Crystal structure of the Bacillus stearothermophilus anti-sigma factor SpoIIAB with the sporulation sigma factor sigmaF.

作者信息

Campbell Elizabeth A, Masuda Shoko, Sun Jing L, Muzzin Oriana, Olson C Anders, Wang Sheng, Darst Seth A

机构信息

The Rockefeller University, 1230 York Avenue, New York, NY 10021, USA.

出版信息

Cell. 2002 Mar 22;108(6):795-807. doi: 10.1016/s0092-8674(02)00662-1.

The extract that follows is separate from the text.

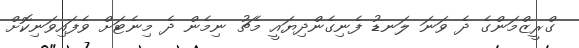
ގްރީޒްމަންގެ ދެ ވަނަ ލަނޑު ފެނިގެންދިޔައީ މެޗު ނިމެން ދެ މިނެޓަށް ވެފައިވަނިކޮށް

DOI:10.1016/s0092-8674(02)00662-1
PMID:11955433
Abstract

Cell type-specific transcription during Bacillus sporulation is established by sigmaF. SpoIIAB is an anti-sigma that binds and negatively regulates sigmaF, as well as a serine kinase that phosphorylates and inactivates the anti-anti-sigma SpoIIAA. The crystal structure of sigmaF bound to the SpoIIAB dimer in the low-affinity, ADP form has been determined at 2.9 A resolution. SpoIIAB adopts the GHKL superfamily fold of ATPases and histidine kinases. A domain of sigmaF contacts both SpoIIAB monomers, while 80% of the sigma factor is disordered. The interaction occludes an RNA polymerase binding surface of sigmaF, explaining the SpoIIAB anti-sigma activity. The structure also explains the specificity of SpoIIAB for its target sigma factors and, in combination with genetic and biochemical data, provides insight into the mechanism of SpoIIAA anti-anti-sigma activity.

摘要

芽孢杆菌形成芽孢过程中的细胞类型特异性转录由σF建立。SpoIIAB是一种抗σ因子,它结合并负向调节σF,同时它也是一种丝氨酸激酶,可磷酸化并使抗抗σ因子SpoIIAA失活。已在2.9埃分辨率下确定了以低亲和力ADP形式与SpoIIAB二聚体结合的σF的晶体结构。SpoIIAB采用ATP酶和组氨酸激酶的GHKL超家族折叠结构。σF的一个结构域与SpoIIAB的两个单体都有接触,而80%的σ因子是无序的。这种相互作用封闭了σF的RNA聚合酶结合表面,解释了SpoIIAB的抗σ因子活性。该结构还解释了SpoIIAB对其靶标σ因子的特异性,并结合遗传和生化数据,深入了解了SpoIIAA抗抗σ因子活性的机制。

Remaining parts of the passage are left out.